Quant funds like Renaissance Technologies, Citadel, DE Shaw, Two Sigma, etc have never really been offered down here. Australia is the third largest market in the world for managed funds, but until recently, raising capital in USA, Europe and Japan was far easier and Australia was lamented as a market that likes to wait for others to be first.

What is Quant investing? 

Technically all investing is quantitative.  Macro traders interpret economic data to forecast future asset prices, and value investors interpret market and company data to forecast future company prices.  But quants use computers to systematically identify and take advantage of profitable patterns in data.

Technical analysis (e.g. head-and-shoulder patterns) was very popular in the 1980s, however these simplistic easily-described patterns became less useful once computers became ubiquitous in the 1990s.  Then there was the charge of the momentum or trend following strategies, which now account for over 70% of Quant AUM.  Trend and momentum strategies are attractive because they seem to make sense to investors, and have a great sales narrative about how they manage risk.  As AUM grew for trend strategies, the funds raced to find PhDs to use more sophisticated techniques to data mine for parameters for their trend based strategies.

Since 2015 this crowding into trend patterns has caused returns to suffer.  They have used AI in their marketing presentations, referring to things like neural networks, but often it is just the use of these techniques to data mine for trend based patterns.

The real opportunity for AI is vastly more ambitious.

What’s the opportunity?

The real opportunity is to develop general learning systems that are not focused on specific, known patterns.  So instead of just finding trend-based patterns in market data, it is looking for all profitable patterns in data.  That is, you are no longer limited to profiting from simple patterns that you can easily describe and understand.

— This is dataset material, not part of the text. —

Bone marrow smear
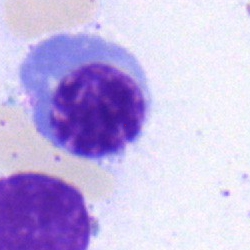

Specimen: bone marrow aspirate smear.
Cell: erythroblast.

The hypothesis is that the price of an instrument in the near future is some kind of function of historical and available information.  The key to deriving this dynamic function is finding the predictive or causal relationships in huge data sets of financial data.  For example, Bridgewater uses 8 factors in their core strategies, however what you want to use AI for (if you’re able) is building a function that uses unlimited factors. 

Another way to think about it is your personal future has some relationship to your past and current circumstances around you.  The most recent past is most predictive, however even your childhood has some bearing on your future.  The key is finding all these causal or predictive relationships, and creating a probabilistic forecast of the future, and then finding a way to “bet” on that in a way that is resilient to tail risks. 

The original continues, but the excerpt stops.